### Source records
BEGIN

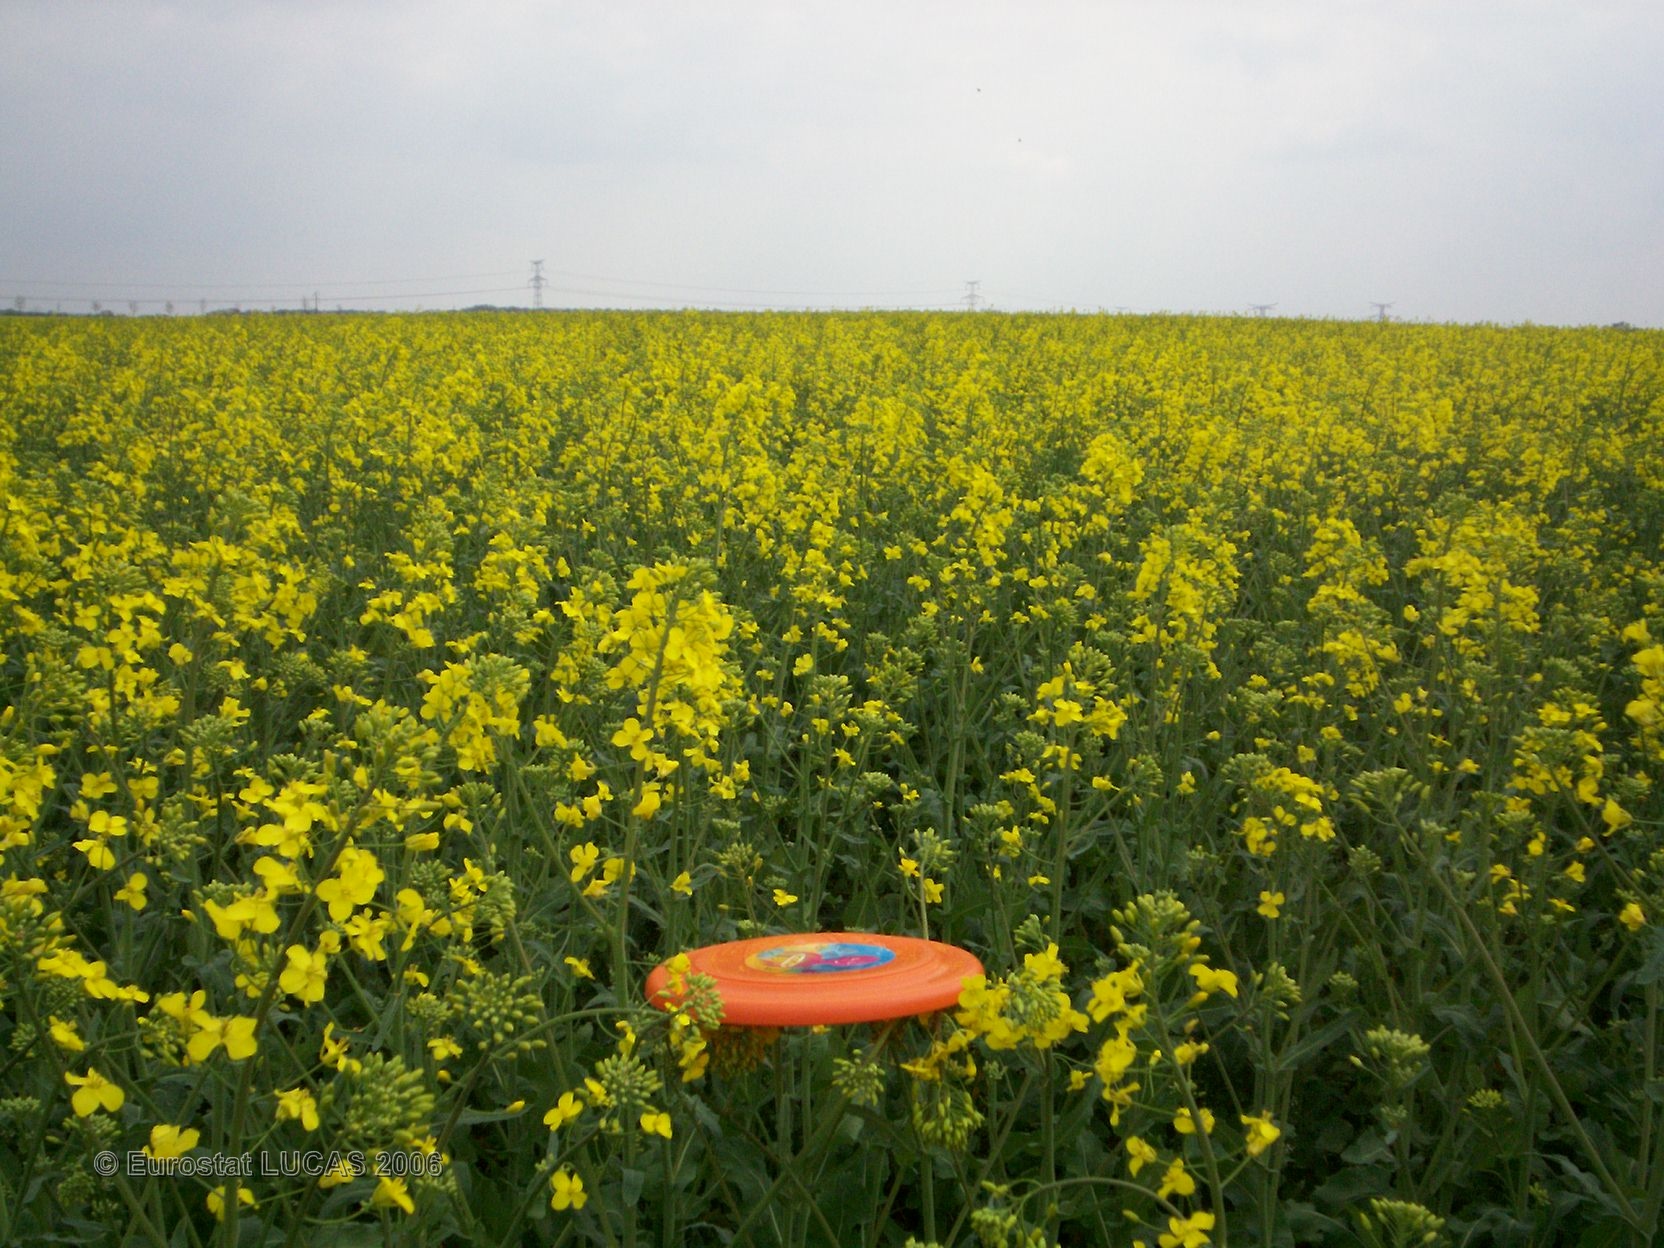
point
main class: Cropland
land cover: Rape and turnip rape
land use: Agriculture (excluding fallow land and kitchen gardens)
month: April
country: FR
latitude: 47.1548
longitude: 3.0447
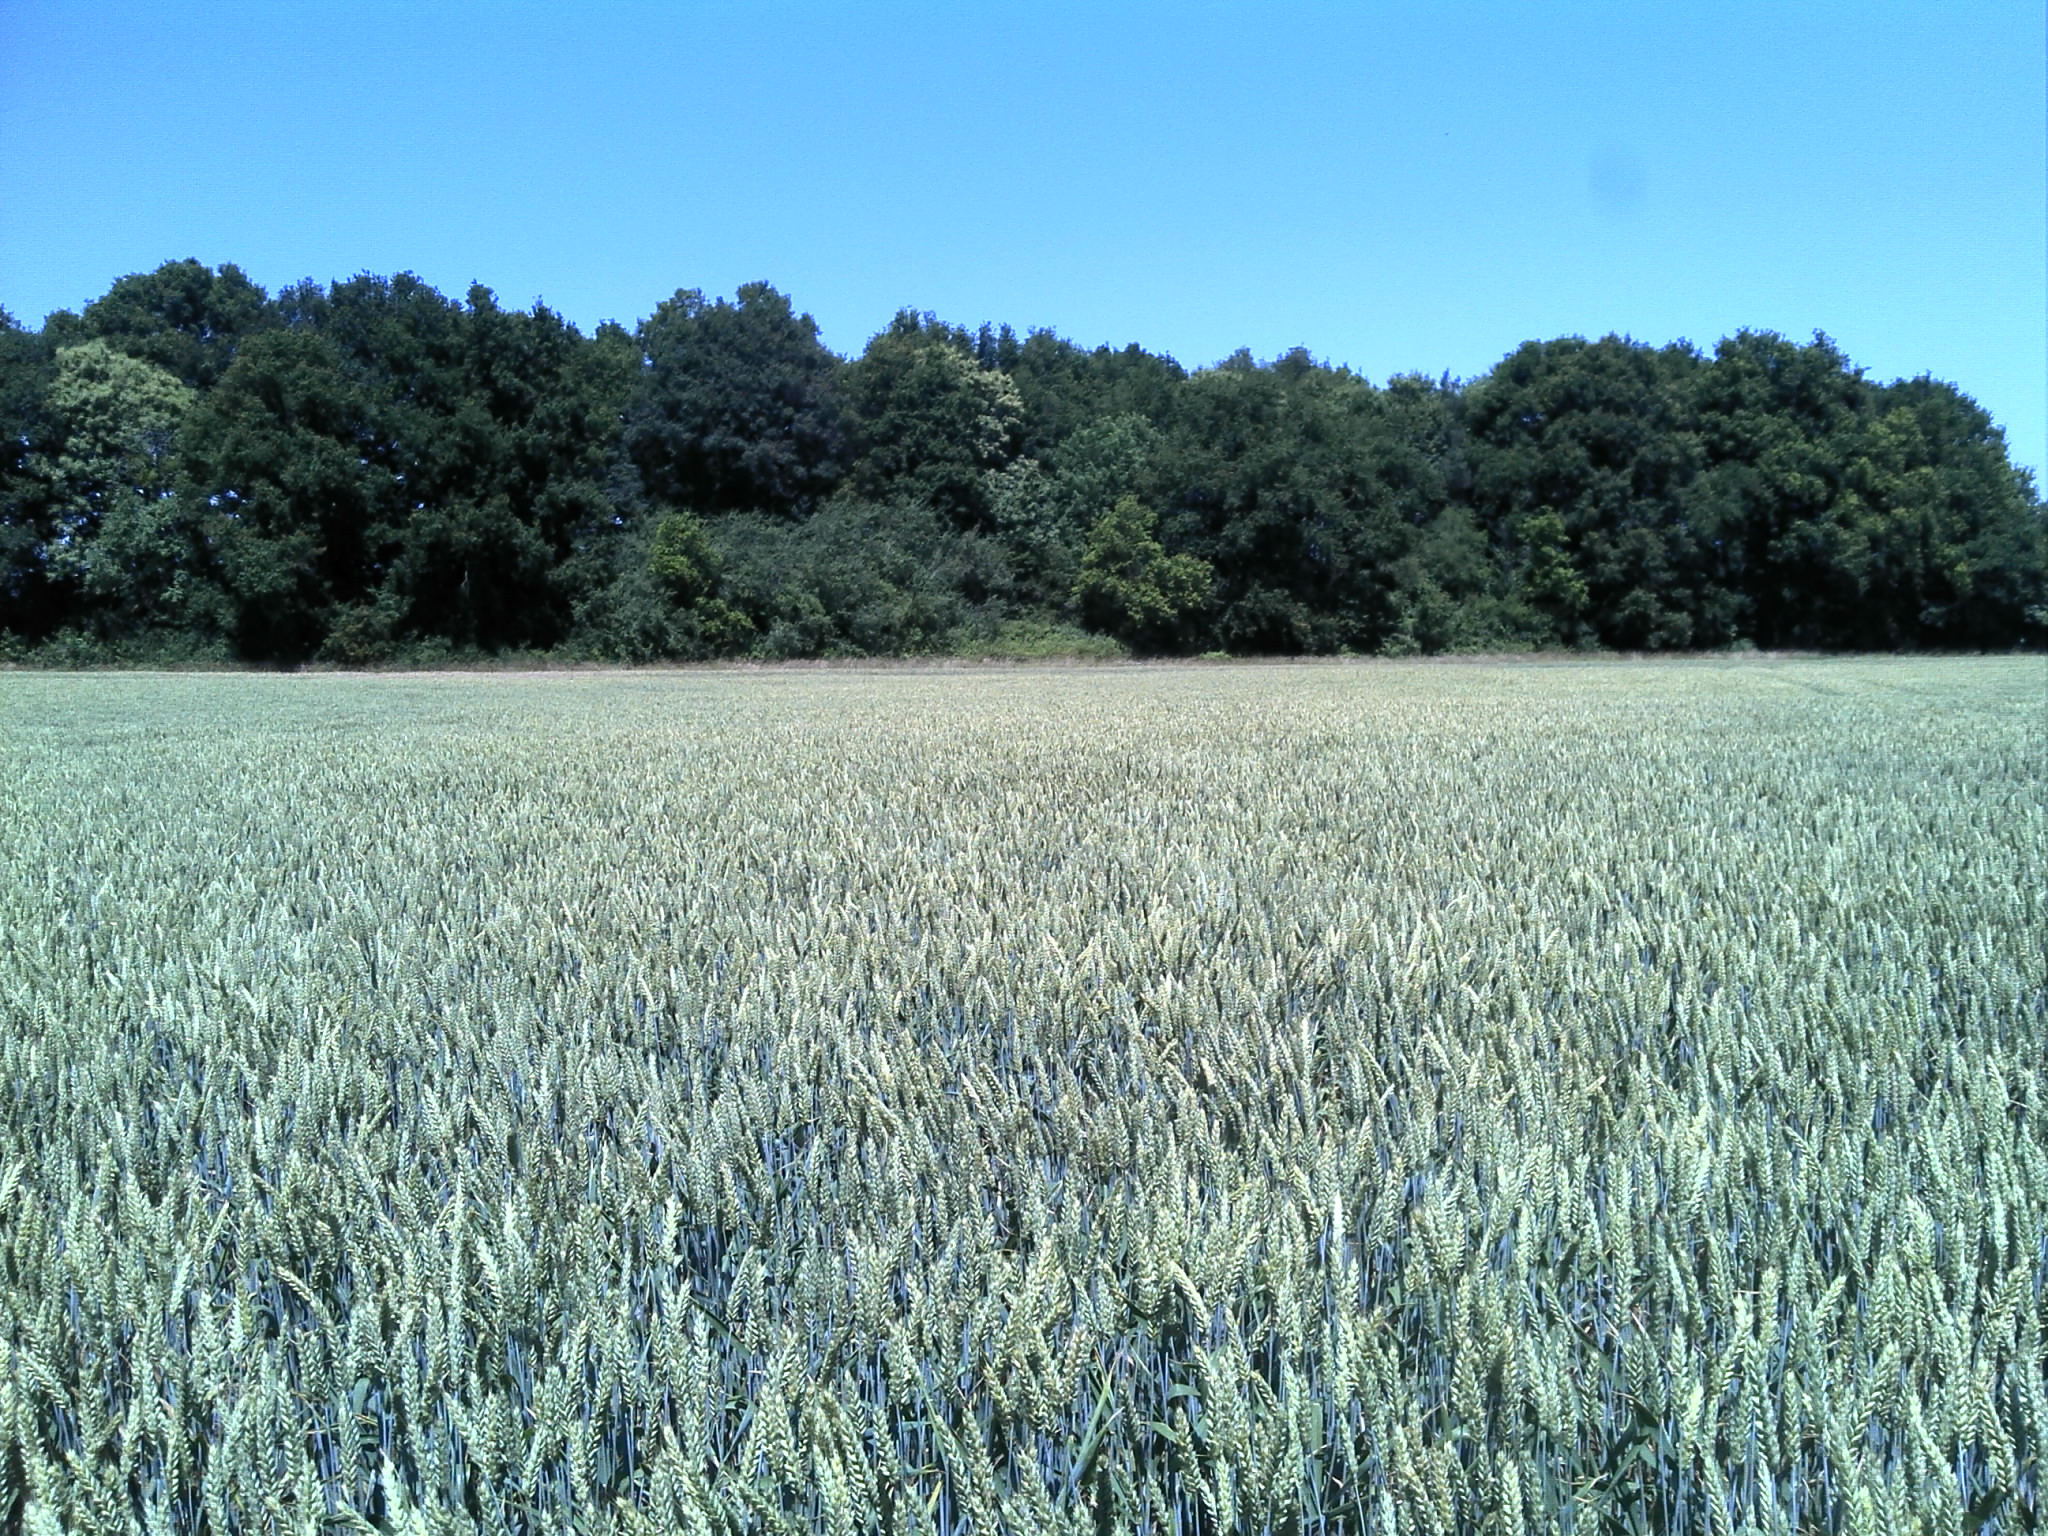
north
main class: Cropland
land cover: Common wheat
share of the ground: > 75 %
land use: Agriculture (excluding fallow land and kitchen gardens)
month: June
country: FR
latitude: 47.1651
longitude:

END

### Problem to work on
The records above must be output exactly, except for the pictures.

### Reply to the task
point
main class: Cropland
land cover: Rape and turnip rape
land use: Agriculture (excluding fallow land and kitchen gardens)
month: April
country: FR
latitude: 47.1548
longitude: 3.0447
north
main class: Cropland
land cover: Common wheat
share of the ground: > 75 %
land use: Agriculture (excluding fallow land and kitchen gardens)
month: June
country: FR
latitude: 47.1651
longitude:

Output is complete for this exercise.